The answer is the data below, repeated exactly, with no pictures included.

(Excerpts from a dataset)
- - -

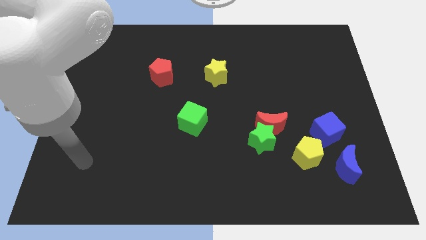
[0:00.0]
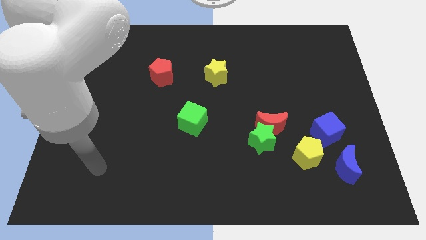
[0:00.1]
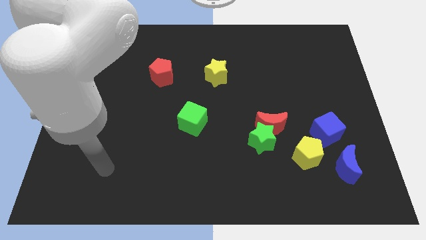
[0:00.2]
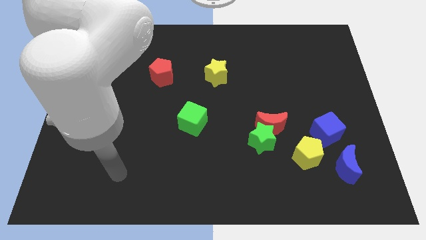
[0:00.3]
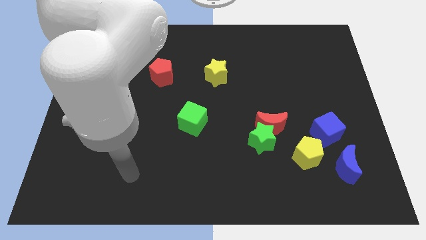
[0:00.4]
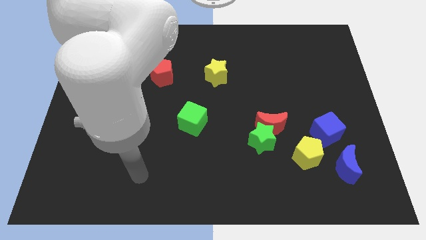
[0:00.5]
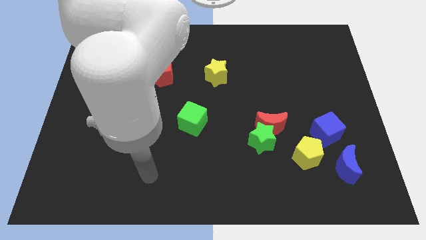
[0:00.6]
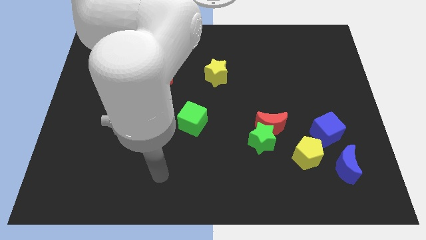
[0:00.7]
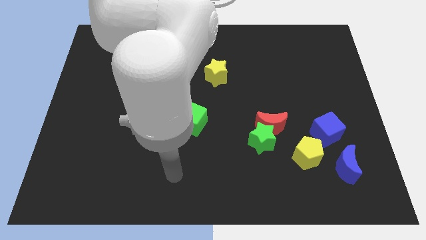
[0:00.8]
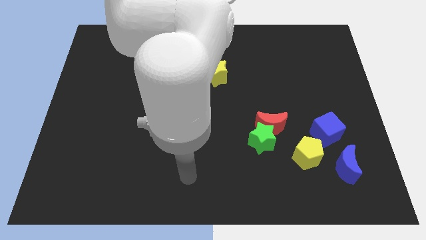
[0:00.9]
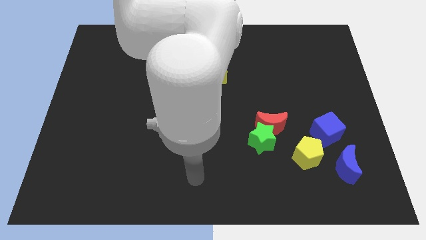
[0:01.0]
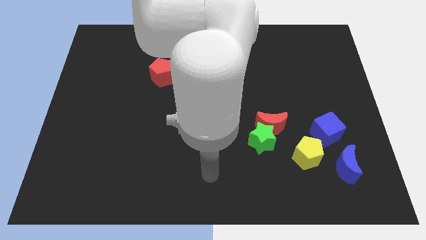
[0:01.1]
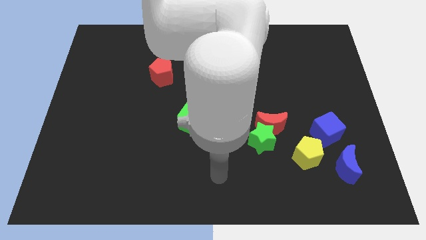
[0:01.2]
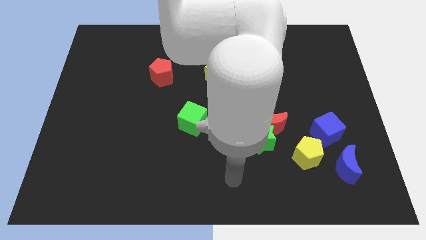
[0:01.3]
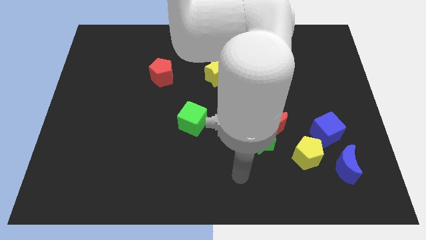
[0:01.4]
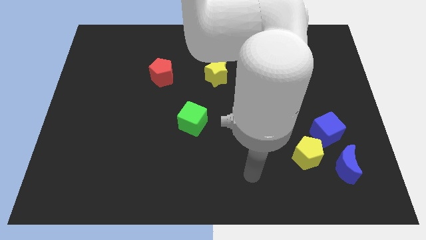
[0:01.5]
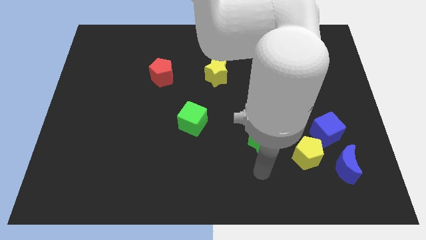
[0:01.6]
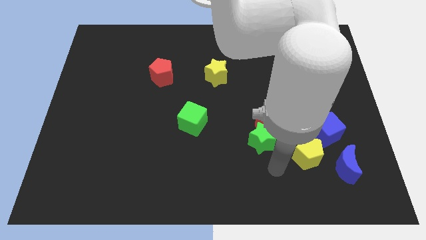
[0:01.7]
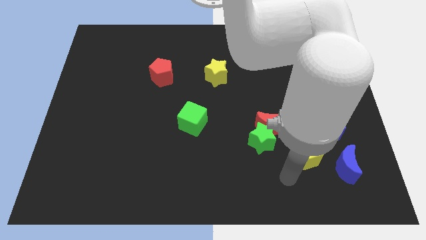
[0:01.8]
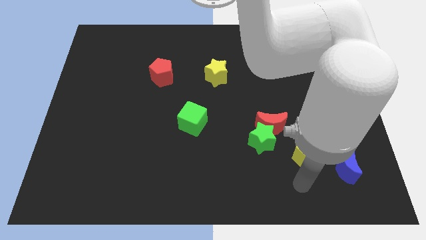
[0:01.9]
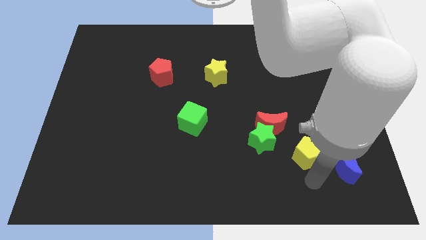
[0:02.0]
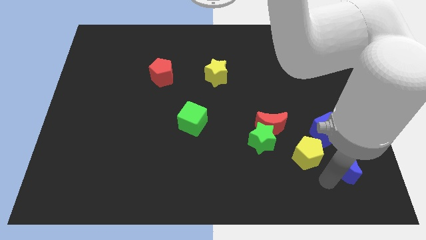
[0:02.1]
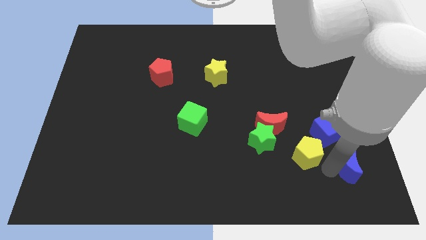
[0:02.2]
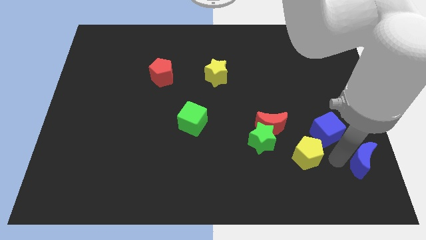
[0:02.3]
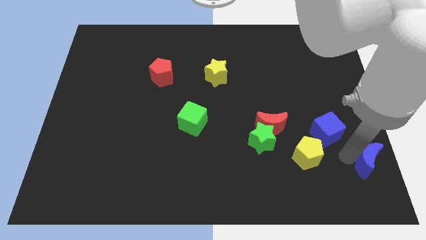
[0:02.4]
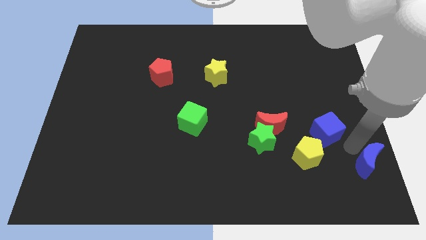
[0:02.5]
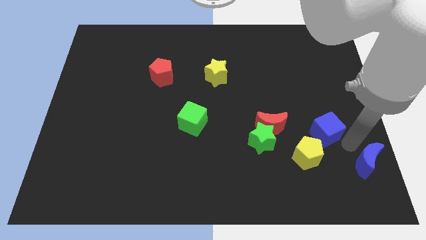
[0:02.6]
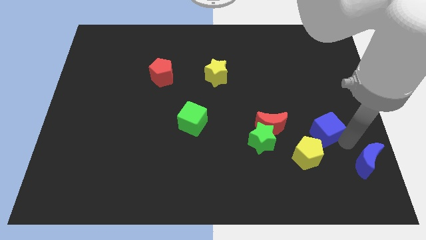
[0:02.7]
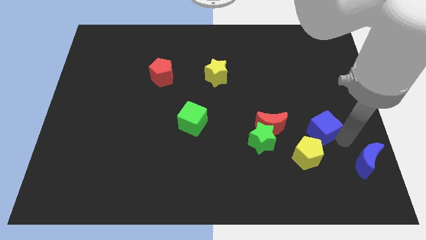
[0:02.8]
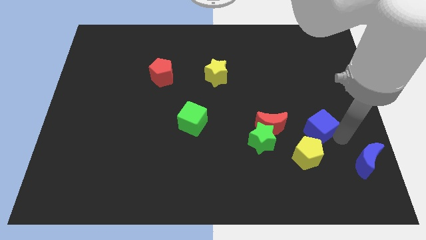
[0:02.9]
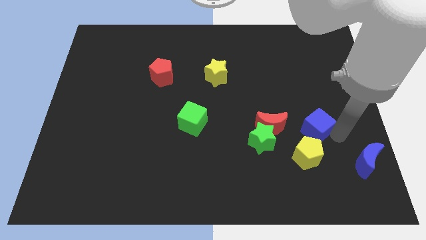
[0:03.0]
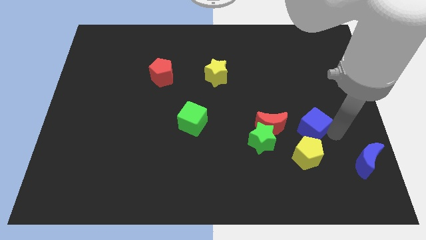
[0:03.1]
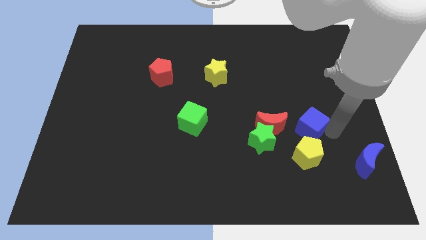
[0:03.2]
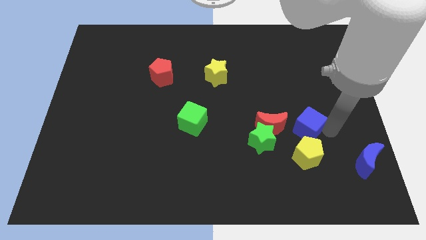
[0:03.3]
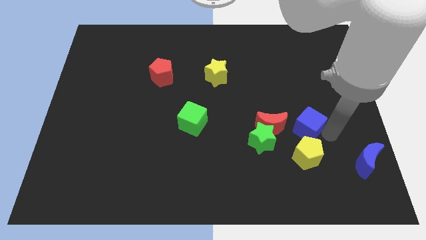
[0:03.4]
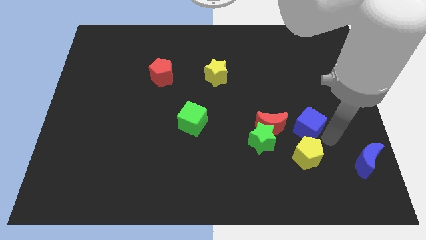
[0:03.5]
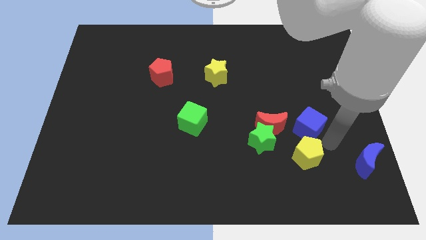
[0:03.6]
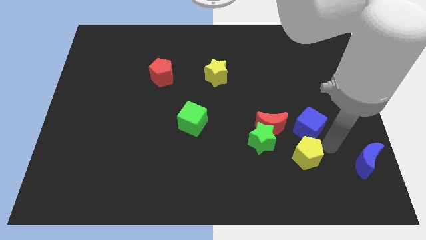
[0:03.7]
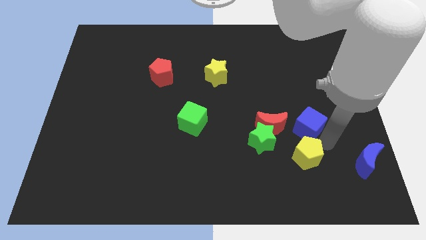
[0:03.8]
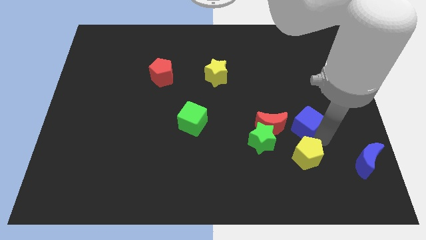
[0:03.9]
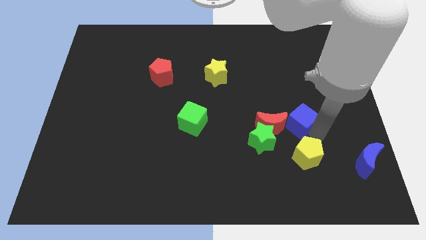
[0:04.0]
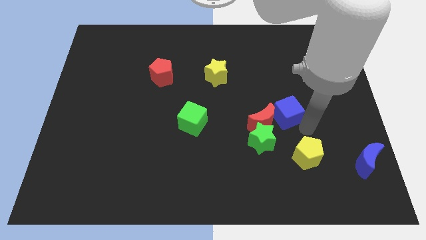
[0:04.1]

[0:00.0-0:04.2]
slightly push the blue cube diagonally upwards and to the left

- - -

### Solution for this task
[0:00.0]
[0:00.1]
[0:00.2]
[0:00.3]
[0:00.4]
[0:00.5]
[0:00.6]
[0:00.7]
[0:00.8]
[0:00.9]
[0:01.0]
[0:01.1]
[0:01.2]
[0:01.3]
[0:01.4]
[0:01.5]
[0:01.6]
[0:01.7]
[0:01.8]
[0:01.9]
[0:02.0]
[0:02.1]
[0:02.2]
[0:02.3]
[0:02.4]
[0:02.5]
[0:02.6]
[0:02.7]
[0:02.8]
[0:02.9]
[0:03.0]
[0:03.1]
[0:03.2]
[0:03.3]
[0:03.4]
[0:03.5]
[0:03.6]
[0:03.7]
[0:03.8]
[0:03.9]
[0:04.0]
[0:04.1]

[0:00.0-0:04.2]
slightly push the blue cube diagonally upwards and to the left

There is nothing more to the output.